You can configure Amazon Managed Streaming for Apache Kafka to automatically expand your cluster's storage in response to increased usage using Application Auto-Scaling policies. Your auto-scaling policy sets the target disk utilization and the maximum scaling capacity.

Note

Amazon MSK does not reduce cluster storage in response to reduced usage. Amazon MSK does not support decreasing the size of storage volumes. If you need to reduce the size of your cluster storage, you must migrate your existing cluster to a cluster with smaller storage. For information about migrating a cluster, see Migration (p. 132).

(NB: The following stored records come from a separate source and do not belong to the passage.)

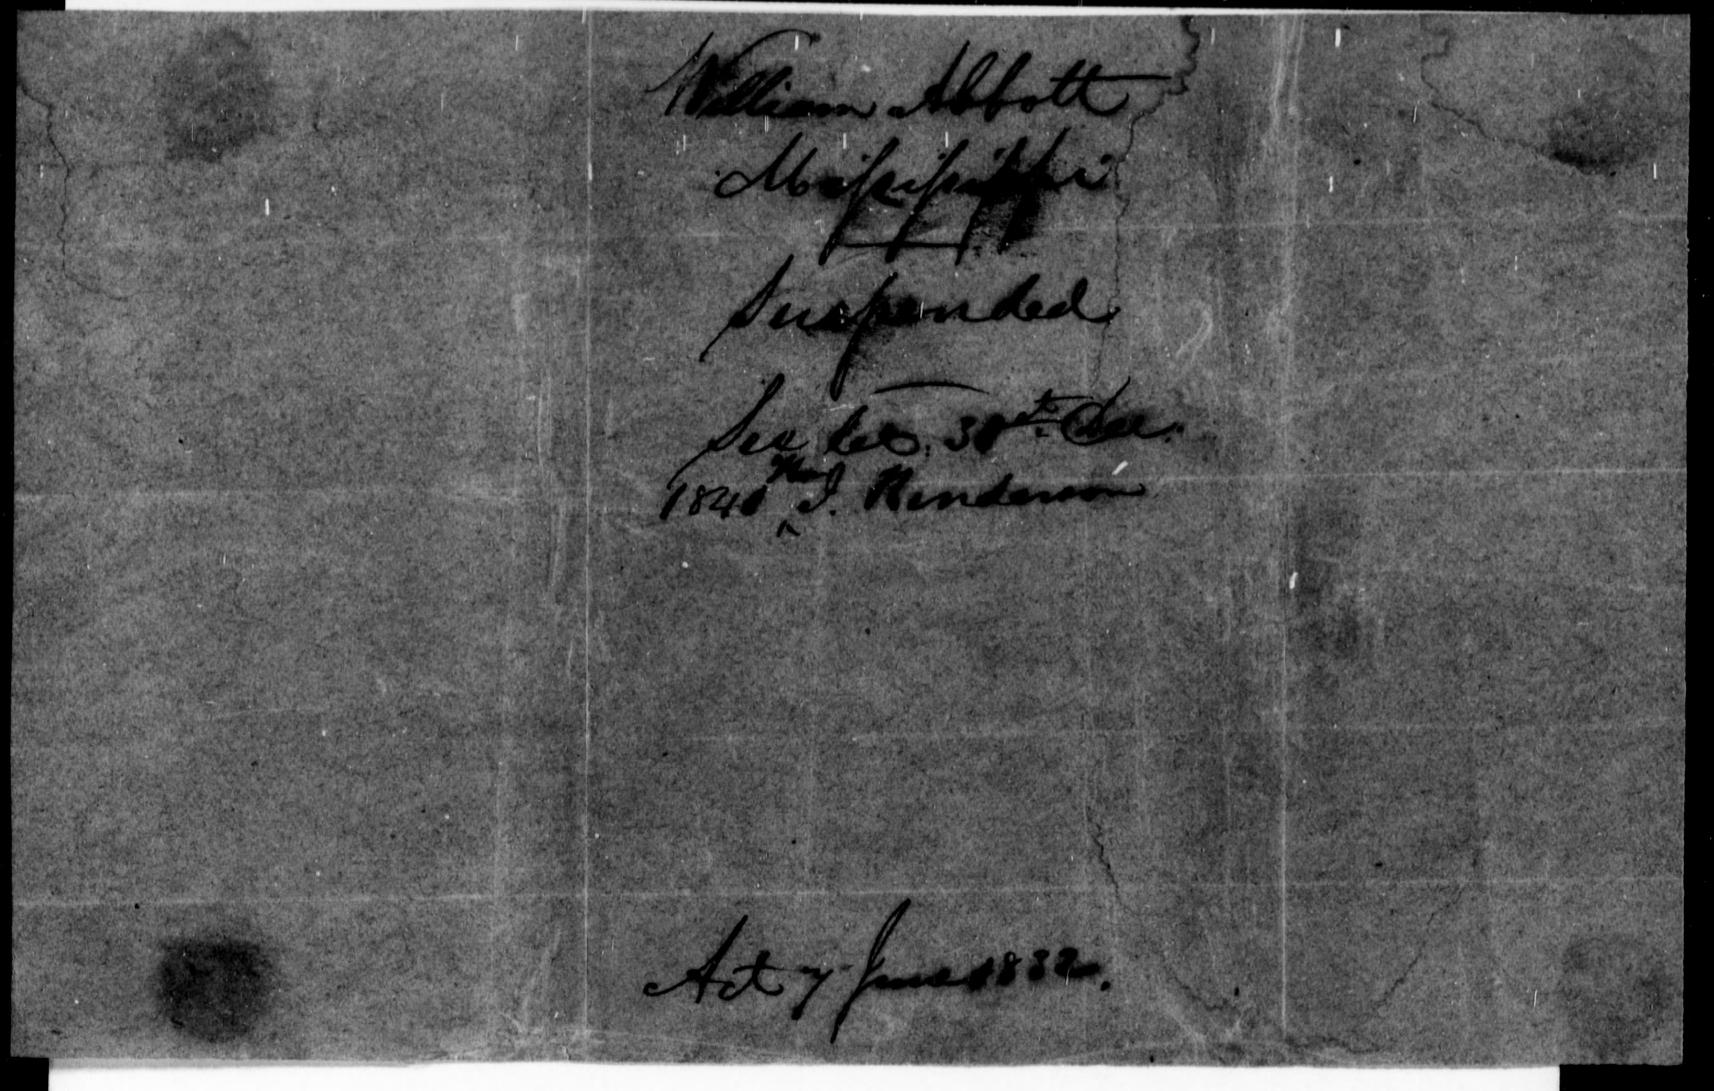William Abbott
Mississippi

Suspended

See let 30th Dec. 1840 Hon J. Henderson

Act 7 June 1832

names: William Abbott
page: 12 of 38
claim: survivor's
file: S. 30. 239, William Abbott, S.C.

NoteAmazon MSK does not support auto scaling in the Asia Pacific (Osaka) and Africa (Cape Town) Regions.

MSK Storage auto-expansion details

Your auto scaling policy defines the following parameters for your cluster:

Storage Utilization Target: The storage utilization threshold that Amazon MSK uses to trigger an auto-scaling operation. You can set the utilization target between 10% and 80% of the current storage capacity. We recommend that you set the Storage Utilization Target between 50% and 60%.

Maximum Storage Capacity: This setting is the maximum scaling limit that Amazon MSK can set your broker storage. You can set the maximum storage capacity up to 16 TiB per broker. For more information, see Amazon MSK Quota (p. 150).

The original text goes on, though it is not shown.